20107422 Our results suggest that increased MET GCN would be an independent poor prognostic factor in SCC of the lung.
ERCC1 25051148 This meta-analysis suggests that the ERCC1 19007T>C polymorphism may be associated with lung cancer risk in Asians, while larger scale association studies are necessary to further validate the association of 19007T>C polymorphism with lung cancer risk.
21875468 The expression of ERCC1 mRNA, lymph node metastasis, pathological grade, cancer family history and smoking can be used as prognostic indicator of non-small cell lung cancer.
20840811 The sensitivity to cisplatin of lung cancer cell A549/DDP could be enhanced by RNA interfering ERCC1 gene targeted code 346.
20003463 Genetic polymorphisms in ERCC1 and XRCC1 genes might be prognostic factors in non-smoking female patients with lung adenocarcinoma.
17502833 These findings indicate that ERCC1 polymorphisms may contribute to the etiology of lung cancer. Further functional studies were warranted to elucidate the mechanism of the associations.
XRCC1 25684477 Our findings indicated that certain XRCC1 Arg399Gln variants might affect the susceptibility of lung cancer in Chinese population.
24175813 It is concluded that XRCC1 genotypes Gln/Gln and Arg/Gln may influence cancer susceptibility in patients with smoking habits and these functional SNPs in XRCC1 gene may act as attractive candidate biomarkers in lung cancer for diagnosis and prognosis.
22339849 Genetic polymorphisms in XRCC1 gene might be associated with overall survival and response to platinum-based chemotherapy in lung cancer patients.
20975374 Homozygous Trp/Trp variant genotype of XRCC1 Arg194Trp polymorphism could increase lung cancer risk in total population, especially in Asians.
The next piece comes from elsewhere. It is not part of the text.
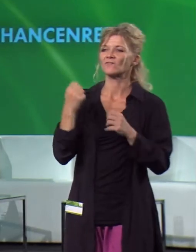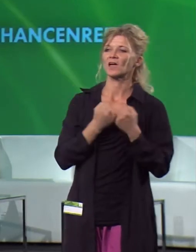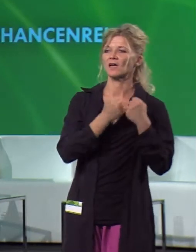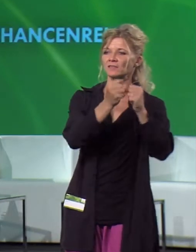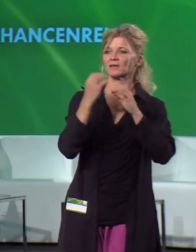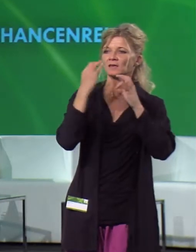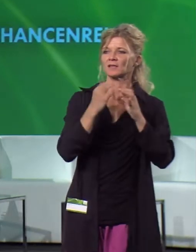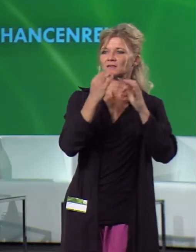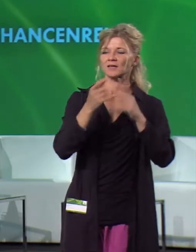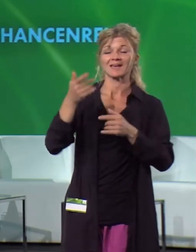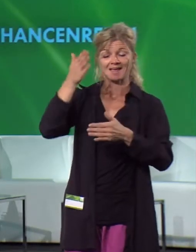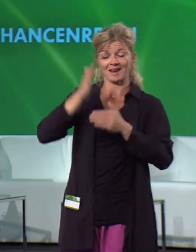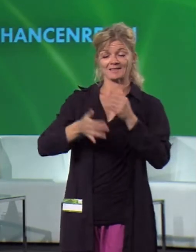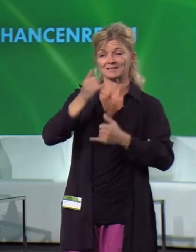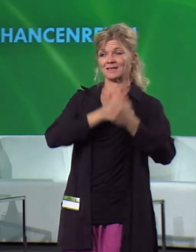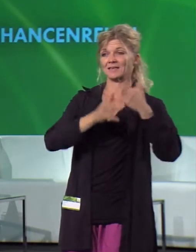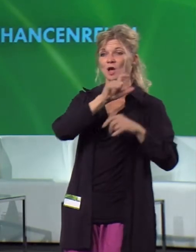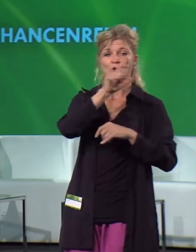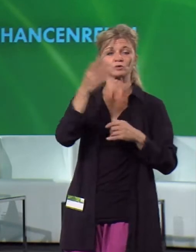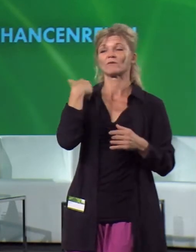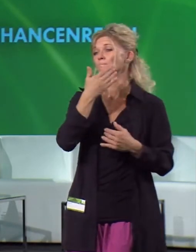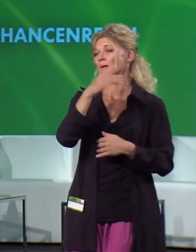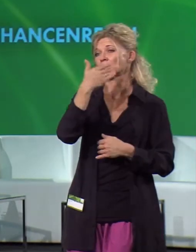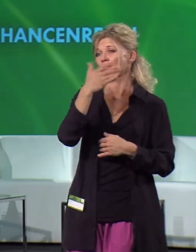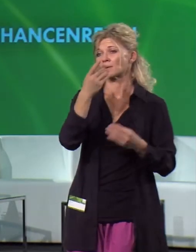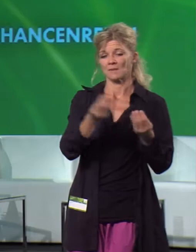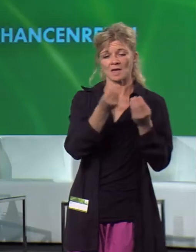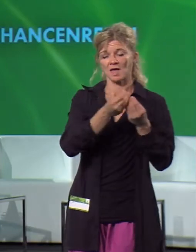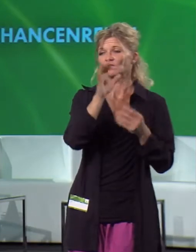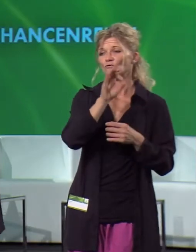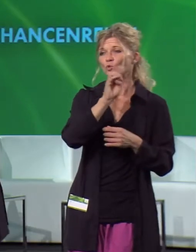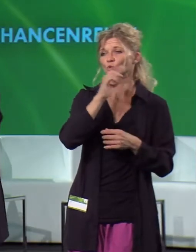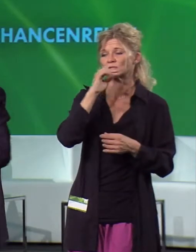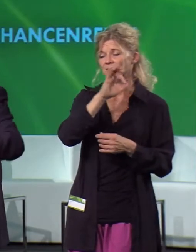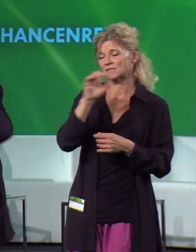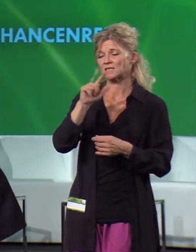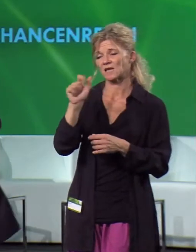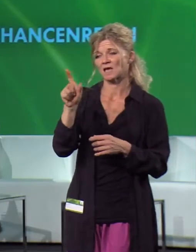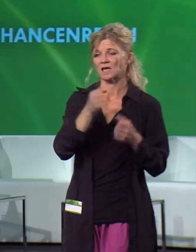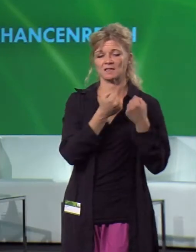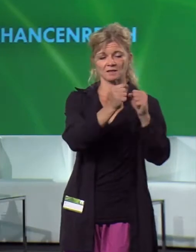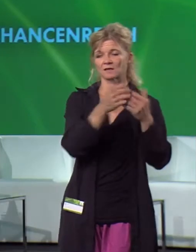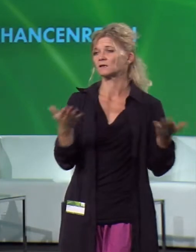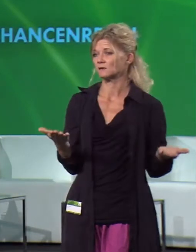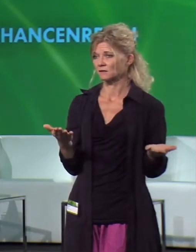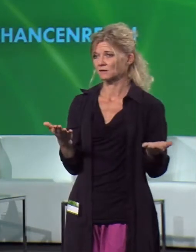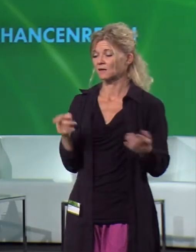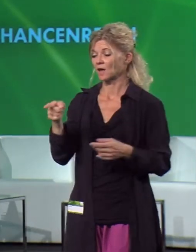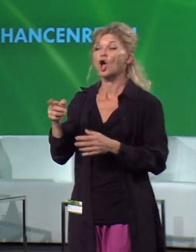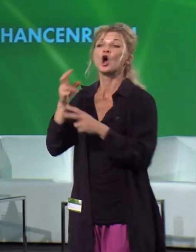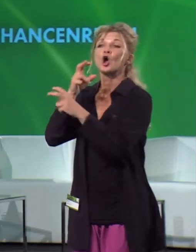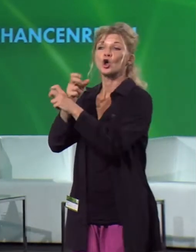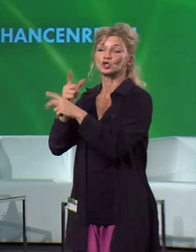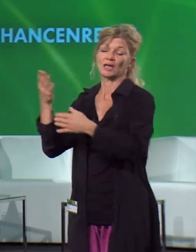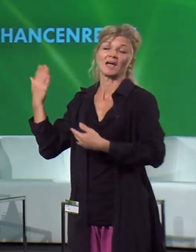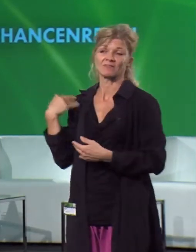weltweit mehr und mehr die fossile Energie geworden und in etwa 30 Ländern die Atomenergie. In Österreich wurde der letzte Schritt durch

20003463 Genetic polymorphisms in ERCC1 and XRCC1 genes might be prognostic factors in non-smoking female patients with lung adenocarcinoma.
17952468 These findings suggest that genetic polymorphisms in the DNA repair genes may modulate overall lung cancer susceptibility and that pathological stage and XRCC1 Arg399Gln independently predicted overall survival among Indian lung cancer patients.
15840879 However, we cannot exclude the possibility that the OGG1 Ser326Cys and XRCC1 Arg194Trp polymorphisms play minor roles in lung carcinogenesis.
16875604 Those results suggest that the XRCC1 Arg194Trp and XPD Lys751Gln genetic polymorphisms may be associated with clinical responses to platinum-based chemotherapy in advanced non-small cell lung cancer.
Table 4 shows gene, PMID, and supported sentences. In the table, the “PMID” is reference which is generated by PubMed. By using the PMID, we can access literature data for the sentence. The “supported sentences” indicates sentences which are extracted by sentence extraction step in our method. As shown in Table 4, our method found useful knowledge for disease-gene relationships using extracted sentences. By using the sentences, we can extract useful knowledge for genes which cannot be validated by answer set.
V. CONCLUSIONS
In the present study, we attempted to infer disease-related genes using auxiliary verb. To decrease the number of inferred genes, we used conclusion section in the structured literature data. As a result, we can construct small disease-related gene-gene network. Using the network, we inferred top 10 genes and validated that the inferred genes have a relationship with lung cancer. Our experimental results showed that the proposed method is more useful than comparable methods to infer disease-related genes. Furthermore, our method can extract useful sentences which are involved in disease and gene. By using the sentences, the proposed method can find supported knowledge for genes which are not validated by answer set. Through answer set and supported sentences, the proposed method found 9 genes which are involved in lung cancer among the inferred top 10 genes. In this study, we used only conclusion section in literature data. In the further work, we will develop the proposed method to extract meaningful knowledge in other sections.
ACKNOWLEDGMENT
This work was supported by the National Research Foundation of Korea(NRF) grant funded by the Korea government(MSIP) (NRF-2015R1A2A1A05001845).